YOUR INSTRUCTIONS: When you have read the listing, copy all of it without any change.
-- Opening Marker --
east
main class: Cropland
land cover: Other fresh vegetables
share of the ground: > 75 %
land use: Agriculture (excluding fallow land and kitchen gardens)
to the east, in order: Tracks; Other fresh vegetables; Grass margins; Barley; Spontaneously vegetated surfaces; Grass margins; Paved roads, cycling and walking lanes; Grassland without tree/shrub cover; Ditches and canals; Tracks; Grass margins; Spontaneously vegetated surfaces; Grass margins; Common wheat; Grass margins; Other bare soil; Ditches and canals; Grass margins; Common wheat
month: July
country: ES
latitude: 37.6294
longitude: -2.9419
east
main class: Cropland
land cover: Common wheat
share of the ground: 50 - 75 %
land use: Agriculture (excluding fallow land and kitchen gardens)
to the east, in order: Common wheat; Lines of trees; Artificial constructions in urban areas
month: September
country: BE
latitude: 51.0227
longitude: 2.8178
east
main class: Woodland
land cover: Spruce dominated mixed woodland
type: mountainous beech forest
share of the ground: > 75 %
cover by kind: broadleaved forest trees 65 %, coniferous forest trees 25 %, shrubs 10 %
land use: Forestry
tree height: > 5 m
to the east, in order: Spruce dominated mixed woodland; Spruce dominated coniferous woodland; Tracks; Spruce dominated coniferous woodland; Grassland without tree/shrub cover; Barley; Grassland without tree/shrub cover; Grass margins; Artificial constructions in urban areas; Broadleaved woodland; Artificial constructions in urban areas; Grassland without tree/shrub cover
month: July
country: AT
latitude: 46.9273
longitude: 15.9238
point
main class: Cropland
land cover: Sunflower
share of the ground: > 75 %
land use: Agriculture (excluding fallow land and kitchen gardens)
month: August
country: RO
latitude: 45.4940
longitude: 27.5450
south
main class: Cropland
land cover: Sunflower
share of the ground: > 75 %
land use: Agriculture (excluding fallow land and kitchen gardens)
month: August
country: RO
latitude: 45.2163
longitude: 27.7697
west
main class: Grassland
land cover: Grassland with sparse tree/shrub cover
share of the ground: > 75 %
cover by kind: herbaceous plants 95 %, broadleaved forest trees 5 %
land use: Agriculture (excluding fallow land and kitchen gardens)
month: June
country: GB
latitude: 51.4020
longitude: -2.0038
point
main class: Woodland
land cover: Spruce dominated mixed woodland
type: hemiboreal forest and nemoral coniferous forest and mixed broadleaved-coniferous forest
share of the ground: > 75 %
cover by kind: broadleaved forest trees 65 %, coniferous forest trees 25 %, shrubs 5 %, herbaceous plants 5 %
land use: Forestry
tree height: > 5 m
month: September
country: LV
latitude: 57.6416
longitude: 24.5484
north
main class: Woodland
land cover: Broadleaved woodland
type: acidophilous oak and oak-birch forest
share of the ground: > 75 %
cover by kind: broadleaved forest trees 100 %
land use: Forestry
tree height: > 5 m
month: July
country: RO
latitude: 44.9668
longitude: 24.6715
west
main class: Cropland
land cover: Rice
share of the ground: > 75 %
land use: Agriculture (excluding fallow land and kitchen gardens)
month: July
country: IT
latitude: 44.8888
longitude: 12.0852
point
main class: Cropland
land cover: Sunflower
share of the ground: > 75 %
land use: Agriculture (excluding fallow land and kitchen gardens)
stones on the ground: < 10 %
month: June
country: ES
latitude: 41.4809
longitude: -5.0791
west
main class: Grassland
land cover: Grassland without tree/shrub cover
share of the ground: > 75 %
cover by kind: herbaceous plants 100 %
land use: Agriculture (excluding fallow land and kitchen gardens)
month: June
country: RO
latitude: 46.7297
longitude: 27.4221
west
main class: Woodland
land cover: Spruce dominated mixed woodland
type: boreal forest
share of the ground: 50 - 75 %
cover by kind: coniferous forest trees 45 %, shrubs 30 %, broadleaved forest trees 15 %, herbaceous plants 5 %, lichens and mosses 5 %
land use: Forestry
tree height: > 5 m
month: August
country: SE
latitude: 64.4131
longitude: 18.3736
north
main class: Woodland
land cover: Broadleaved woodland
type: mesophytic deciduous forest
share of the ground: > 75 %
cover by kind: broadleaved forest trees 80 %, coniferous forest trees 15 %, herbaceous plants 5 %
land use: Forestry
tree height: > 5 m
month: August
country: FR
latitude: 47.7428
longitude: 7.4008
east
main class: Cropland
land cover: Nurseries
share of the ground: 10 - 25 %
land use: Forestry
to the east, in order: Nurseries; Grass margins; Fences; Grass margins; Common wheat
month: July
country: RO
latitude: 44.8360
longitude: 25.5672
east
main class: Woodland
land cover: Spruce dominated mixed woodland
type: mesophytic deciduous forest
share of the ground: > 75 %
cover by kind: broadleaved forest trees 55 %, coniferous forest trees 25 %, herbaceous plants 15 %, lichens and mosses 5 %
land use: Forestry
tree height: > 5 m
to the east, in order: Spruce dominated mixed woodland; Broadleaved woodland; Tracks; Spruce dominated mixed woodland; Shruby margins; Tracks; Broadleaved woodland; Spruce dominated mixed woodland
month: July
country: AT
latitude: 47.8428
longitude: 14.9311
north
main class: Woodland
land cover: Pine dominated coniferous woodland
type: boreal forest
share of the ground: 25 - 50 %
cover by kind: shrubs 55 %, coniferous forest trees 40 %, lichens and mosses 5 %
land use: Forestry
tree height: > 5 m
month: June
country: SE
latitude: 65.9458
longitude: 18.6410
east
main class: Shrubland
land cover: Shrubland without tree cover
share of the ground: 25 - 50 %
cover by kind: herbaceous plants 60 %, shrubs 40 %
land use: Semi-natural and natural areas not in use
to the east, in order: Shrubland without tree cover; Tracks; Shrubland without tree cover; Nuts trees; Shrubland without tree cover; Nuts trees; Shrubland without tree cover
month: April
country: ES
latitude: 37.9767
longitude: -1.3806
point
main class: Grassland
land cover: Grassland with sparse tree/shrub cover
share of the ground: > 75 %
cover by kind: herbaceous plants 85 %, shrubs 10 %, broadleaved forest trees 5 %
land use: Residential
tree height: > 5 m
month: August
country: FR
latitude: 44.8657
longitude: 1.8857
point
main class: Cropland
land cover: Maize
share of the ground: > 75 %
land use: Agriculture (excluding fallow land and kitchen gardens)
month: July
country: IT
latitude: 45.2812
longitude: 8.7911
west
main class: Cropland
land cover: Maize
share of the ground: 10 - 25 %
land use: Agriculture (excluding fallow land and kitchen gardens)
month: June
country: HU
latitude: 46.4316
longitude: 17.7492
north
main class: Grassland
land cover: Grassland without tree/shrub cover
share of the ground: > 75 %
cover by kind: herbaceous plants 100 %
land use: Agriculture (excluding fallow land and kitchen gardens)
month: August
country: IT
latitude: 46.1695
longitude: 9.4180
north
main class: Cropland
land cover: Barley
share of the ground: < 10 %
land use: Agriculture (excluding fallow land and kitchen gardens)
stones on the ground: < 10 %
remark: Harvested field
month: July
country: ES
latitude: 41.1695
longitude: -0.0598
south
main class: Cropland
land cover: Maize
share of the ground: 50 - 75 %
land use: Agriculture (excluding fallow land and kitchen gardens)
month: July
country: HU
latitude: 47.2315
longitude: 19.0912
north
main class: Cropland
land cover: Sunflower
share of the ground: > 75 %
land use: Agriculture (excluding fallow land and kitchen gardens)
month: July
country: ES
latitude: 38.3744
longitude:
-- Closing Marker --
ANSWER SPACE:
east
main class: Cropland
land cover: Other fresh vegetables
share of the ground: > 75 %
land use: Agriculture (excluding fallow land and kitchen gardens)
to the east, in order: Tracks; Other fresh vegetables; Grass margins; Barley; Spontaneously vegetated surfaces; Grass margins; Paved roads, cycling and walking lanes; Grassland without tree/shrub cover; Ditches and canals; Tracks; Grass margins; Spontaneously vegetated surfaces; Grass margins; Common wheat; Grass margins; Other bare soil; Ditches and canals; Grass margins; Common wheat
month: July
country: ES
latitude: 37.6294
longitude: -2.9419
east
main class: Cropland
land cover: Common wheat
share of the ground: 50 - 75 %
land use: Agriculture (excluding fallow land and kitchen gardens)
to the east, in order: Common wheat; Lines of trees; Artificial constructions in urban areas
month: September
country: BE
latitude: 51.0227
longitude: 2.8178
east
main class: Woodland
land cover: Spruce dominated mixed woodland
type: mountainous beech forest
share of the ground: > 75 %
cover by kind: broadleaved forest trees 65 %, coniferous forest trees 25 %, shrubs 10 %
land use: Forestry
tree height: > 5 m
to the east, in order: Spruce dominated mixed woodland; Spruce dominated coniferous woodland; Tracks; Spruce dominated coniferous woodland; Grassland without tree/shrub cover; Barley; Grassland without tree/shrub cover; Grass margins; Artificial constructions in urban areas; Broadleaved woodland; Artificial constructions in urban areas; Grassland without tree/shrub cover
month: July
country: AT
latitude: 46.9273
longitude: 15.9238
point
main class: Cropland
land cover: Sunflower
share of the ground: > 75 %
land use: Agriculture (excluding fallow land and kitchen gardens)
month: August
country: RO
latitude: 45.4940
longitude: 27.5450
south
main class: Cropland
land cover: Sunflower
share of the ground: > 75 %
land use: Agriculture (excluding fallow land and kitchen gardens)
month: August
country: RO
latitude: 45.2163
longitude: 27.7697
west
main class: Grassland
land cover: Grassland with sparse tree/shrub cover
share of the ground: > 75 %
cover by kind: herbaceous plants 95 %, broadleaved forest trees 5 %
land use: Agriculture (excluding fallow land and kitchen gardens)
month: June
country: GB
latitude: 51.4020
longitude: -2.0038
point
main class: Woodland
land cover: Spruce dominated mixed woodland
type: hemiboreal forest and nemoral coniferous forest and mixed broadleaved-coniferous forest
share of the ground: > 75 %
cover by kind: broadleaved forest trees 65 %, coniferous forest trees 25 %, shrubs 5 %, herbaceous plants 5 %
land use: Forestry
tree height: > 5 m
month: September
country: LV
latitude: 57.6416
longitude: 24.5484
north
main class: Woodland
land cover: Broadleaved woodland
type: acidophilous oak and oak-birch forest
share of the ground: > 75 %
cover by kind: broadleaved forest trees 100 %
land use: Forestry
tree height: > 5 m
month: July
country: RO
latitude: 44.9668
longitude: 24.6715
west
main class: Cropland
land cover: Rice
share of the ground: > 75 %
land use: Agriculture (excluding fallow land and kitchen gardens)
month: July
country: IT
latitude: 44.8888
longitude: 12.0852
point
main class: Cropland
land cover: Sunflower
share of the ground: > 75 %
land use: Agriculture (excluding fallow land and kitchen gardens)
stones on the ground: < 10 %
month: June
country: ES
latitude: 41.4809
longitude: -5.0791
west
main class: Grassland
land cover: Grassland without tree/shrub cover
share of the ground: > 75 %
cover by kind: herbaceous plants 100 %
land use: Agriculture (excluding fallow land and kitchen gardens)
month: June
country: RO
latitude: 46.7297
longitude: 27.4221
west
main class: Woodland
land cover: Spruce dominated mixed woodland
type: boreal forest
share of the ground: 50 - 75 %
cover by kind: coniferous forest trees 45 %, shrubs 30 %, broadleaved forest trees 15 %, herbaceous plants 5 %, lichens and mosses 5 %
land use: Forestry
tree height: > 5 m
month: August
country: SE
latitude: 64.4131
longitude: 18.3736
north
main class: Woodland
land cover: Broadleaved woodland
type: mesophytic deciduous forest
share of the ground: > 75 %
cover by kind: broadleaved forest trees 80 %, coniferous forest trees 15 %, herbaceous plants 5 %
land use: Forestry
tree height: > 5 m
month: August
country: FR
latitude: 47.7428
longitude: 7.4008
east
main class: Cropland
land cover: Nurseries
share of the ground: 10 - 25 %
land use: Forestry
to the east, in order: Nurseries; Grass margins; Fences; Grass margins; Common wheat
month: July
country: RO
latitude: 44.8360
longitude: 25.5672
east
main class: Woodland
land cover: Spruce dominated mixed woodland
type: mesophytic deciduous forest
share of the ground: > 75 %
cover by kind: broadleaved forest trees 55 %, coniferous forest trees 25 %, herbaceous plants 15 %, lichens and mosses 5 %
land use: Forestry
tree height: > 5 m
to the east, in order: Spruce dominated mixed woodland; Broadleaved woodland; Tracks; Spruce dominated mixed woodland; Shruby margins; Tracks; Broadleaved woodland; Spruce dominated mixed woodland
month: July
country: AT
latitude: 47.8428
longitude: 14.9311
north
main class: Woodland
land cover: Pine dominated coniferous woodland
type: boreal forest
share of the ground: 25 - 50 %
cover by kind: shrubs 55 %, coniferous forest trees 40 %, lichens and mosses 5 %
land use: Forestry
tree height: > 5 m
month: June
country: SE
latitude: 65.9458
longitude: 18.6410
east
main class: Shrubland
land cover: Shrubland without tree cover
share of the ground: 25 - 50 %
cover by kind: herbaceous plants 60 %, shrubs 40 %
land use: Semi-natural and natural areas not in use
to the east, in order: Shrubland without tree cover; Tracks; Shrubland without tree cover; Nuts trees; Shrubland without tree cover; Nuts trees; Shrubland without tree cover
month: April
country: ES
latitude: 37.9767
longitude: -1.3806
point
main class: Grassland
land cover: Grassland with sparse tree/shrub cover
share of the ground: > 75 %
cover by kind: herbaceous plants 85 %, shrubs 10 %, broadleaved forest trees 5 %
land use: Residential
tree height: > 5 m
month: August
country: FR
latitude: 44.8657
longitude: 1.8857
point
main class: Cropland
land cover: Maize
share of the ground: > 75 %
land use: Agriculture (excluding fallow land and kitchen gardens)
month: July
country: IT
latitude: 45.2812
longitude: 8.7911
west
main class: Cropland
land cover: Maize
share of the ground: 10 - 25 %
land use: Agriculture (excluding fallow land and kitchen gardens)
month: June
country: HU
latitude: 46.4316
longitude: 17.7492
north
main class: Grassland
land cover: Grassland without tree/shrub cover
share of the ground: > 75 %
cover by kind: herbaceous plants 100 %
land use: Agriculture (excluding fallow land and kitchen gardens)
month: August
country: IT
latitude: 46.1695
longitude: 9.4180
north
main class: Cropland
land cover: Barley
share of the ground: < 10 %
land use: Agriculture (excluding fallow land and kitchen gardens)
stones on the ground: < 10 %
remark: Harvested field
month: July
country: ES
latitude: 41.1695
longitude: -0.0598
south
main class: Cropland
land cover: Maize
share of the ground: 50 - 75 %
land use: Agriculture (excluding fallow land and kitchen gardens)
month: July
country: HU
latitude: 47.2315
longitude: 19.0912
north
main class: Cropland
land cover: Sunflower
share of the ground: > 75 %
land use: Agriculture (excluding fallow land and kitchen gardens)
month: July
country: ES
latitude: 38.3744
longitude:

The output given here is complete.